FDA approves Pfizer’s Besponsa in aggressive blood cancer
US regulators have approved Pfizer’s new drug, Besponsa, offering a new option for patients with a rare and aggressive form of blood cancer.
Besponsa (inotuzumab ozogamicin) is the first of its kind to be indicated for adults with relapsed or refractory B-cell precursor acute lymphoblastic leukaemia.
An antibody-drug conjugate, the drug consists of a cancer-targeting antibody attached to a cancer-killing cytotoxic agent, ozogamicin.
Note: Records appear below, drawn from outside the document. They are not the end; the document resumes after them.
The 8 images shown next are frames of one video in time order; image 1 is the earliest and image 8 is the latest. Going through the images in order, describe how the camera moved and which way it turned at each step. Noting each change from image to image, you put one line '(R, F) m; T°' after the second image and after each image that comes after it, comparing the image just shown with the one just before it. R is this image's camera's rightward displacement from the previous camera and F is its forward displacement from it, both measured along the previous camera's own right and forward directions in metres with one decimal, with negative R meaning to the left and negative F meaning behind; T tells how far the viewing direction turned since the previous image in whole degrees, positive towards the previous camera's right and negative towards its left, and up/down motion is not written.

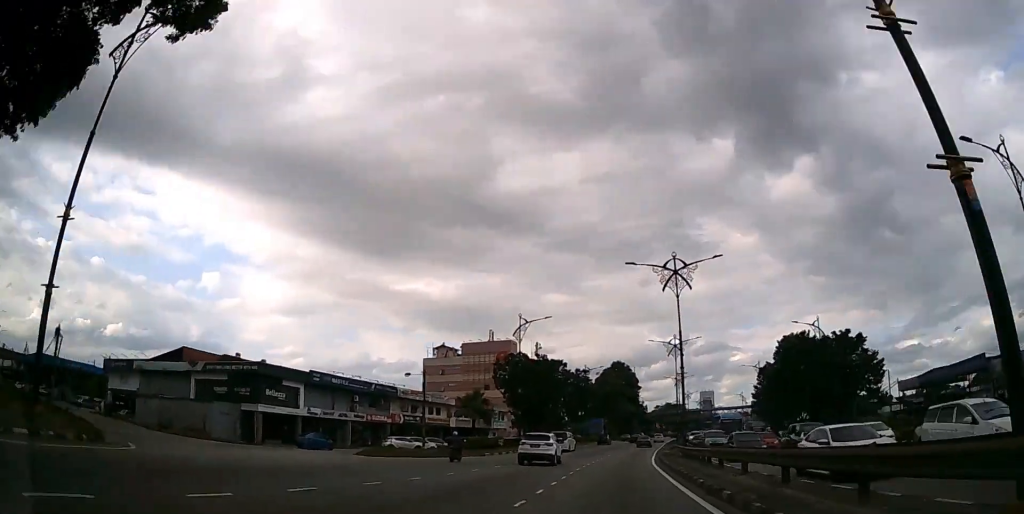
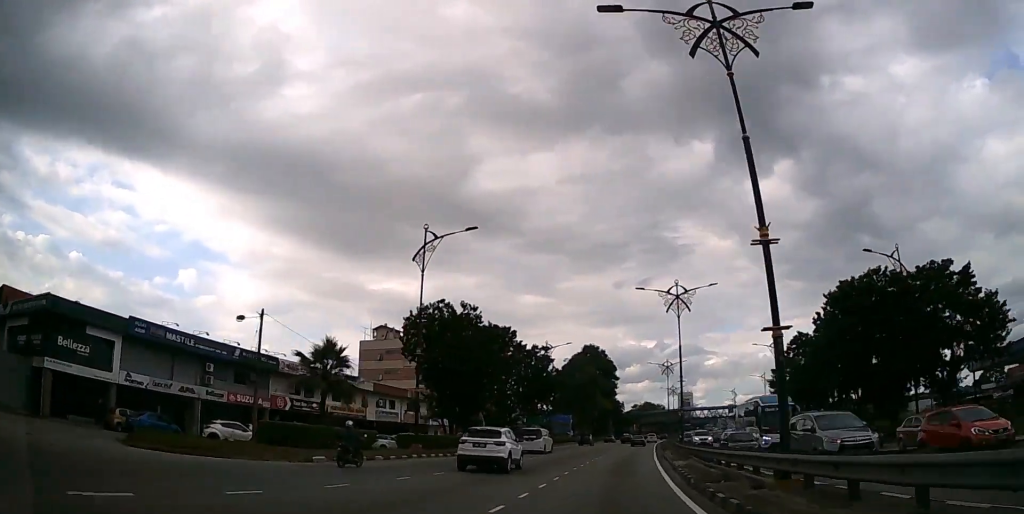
(+0.5, +22.6) m; +3°
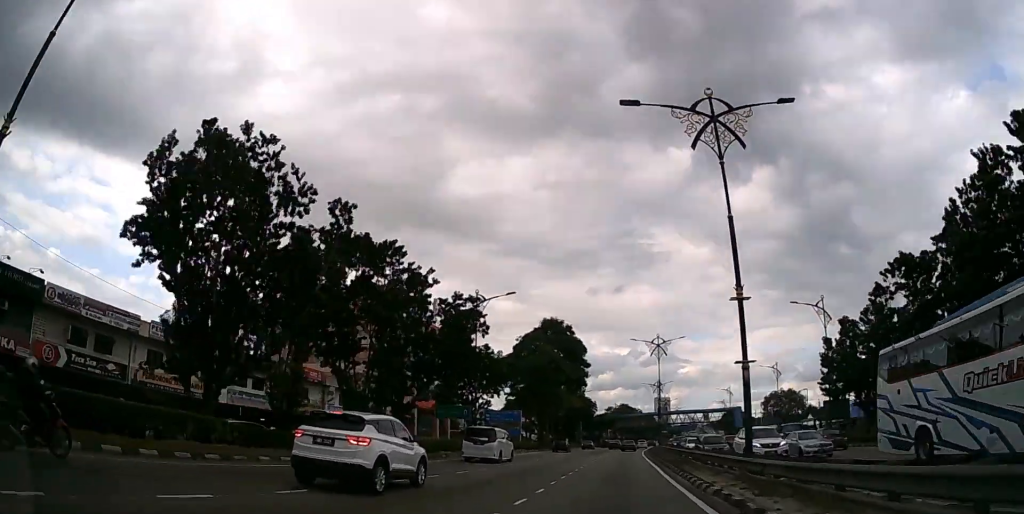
(+0.7, +25.4) m; +3°
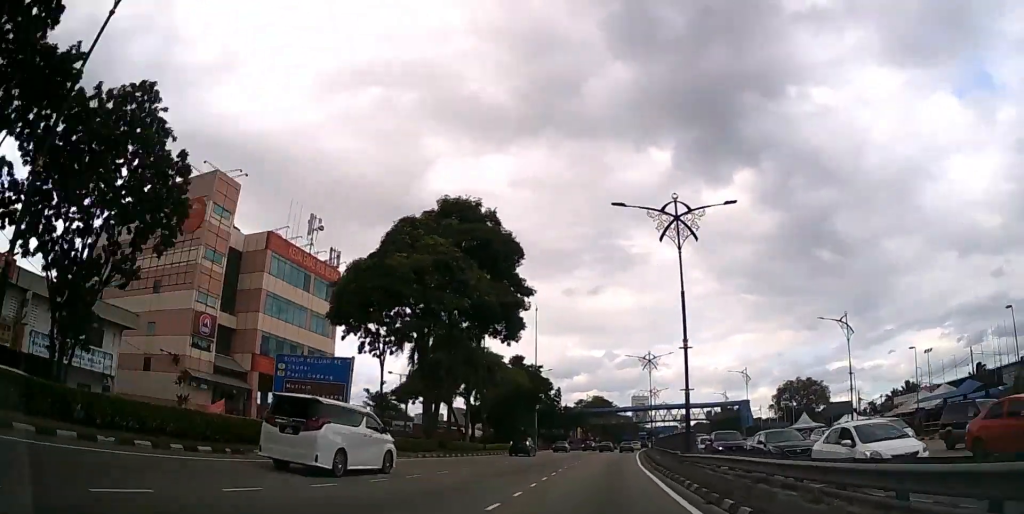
(+1.3, +37.2) m; +3°
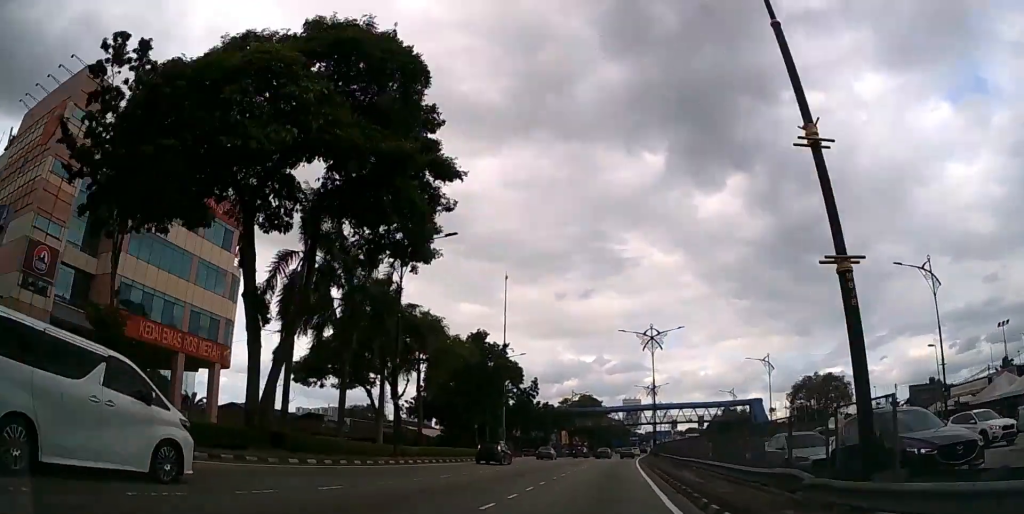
(+0.2, +17.4) m; +1°
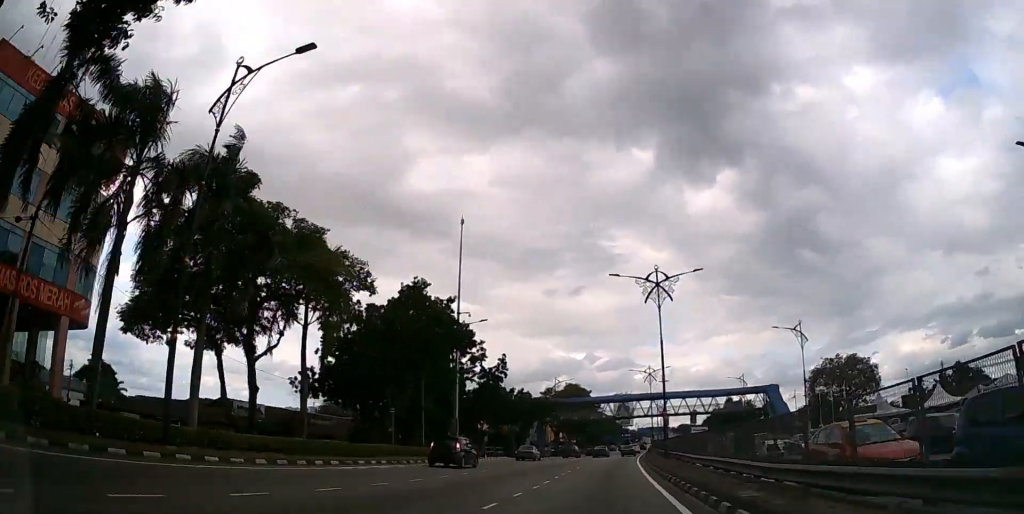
(+0.1, +16.6) m; +1°
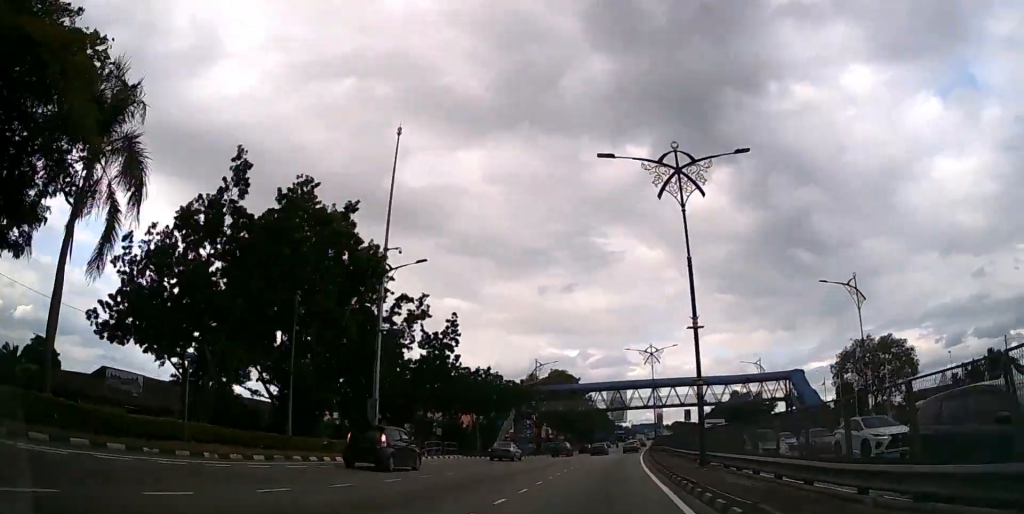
(+0.1, +16.0) m; +1°
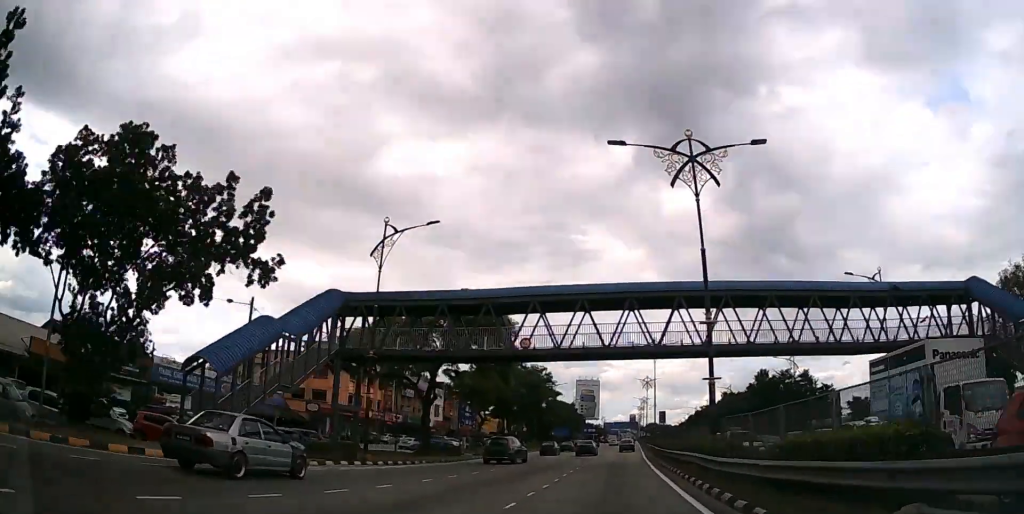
(+0.8, +46.6) m; +2°

The FDA had granted the CD-22 targeting drug a faster six-month priority review after designating it a Breakthrough Therapy, offering an improvement in standard care for a serious disease.
Approval was based on results from the phase 3 INO-VATE ALL trial, a randomised, open-label, international, multi-centre study evaluating the safety and efficacy of Besponsa compared with investigator’s choice of chemotherapy in 326 adult patients with relapsed or refractory B-cell ALL.
The complete remission rate (CR/Cri) for patients treated with Besponsa was 81% compared to 29% with chemotherapy.
A higher proportion of patients treated with Pfizer’s drug had only residual amounts of diseased cells in their bloodstreams (minimal residual disease negative, or MRD negative), compared with chemotherapy.
In the Besponsa group, 78% were MRD-negative, while in the chemotherapy group, 28% were MRD-negative.
However Besponsa still did not significantly increase overall survival (OS) compared with chemotherapy – median OS was 7.7 months in patients treated with Besponsa, compared with 6.2 months in the chemotherapy arm.
According to consensus figures from EvaluatePharma, sales forecasts are modest at $347m by 2022, and UCB also has worldwide royalties.
The drug was developed as a collaboration between Pfizer and UK biotech Celltech, which is now part of UCB.
Ozogamicin was also used in Pfizer’s Mylotarg, the first ever antibody-drug conjugate approved in 2000 in acute myeloid leukaemia.
Mylotarg was last year re-approved by the FDA after Pfizer withdrew it from the market in 2010 after post-marketing data failed to confirm its benefit.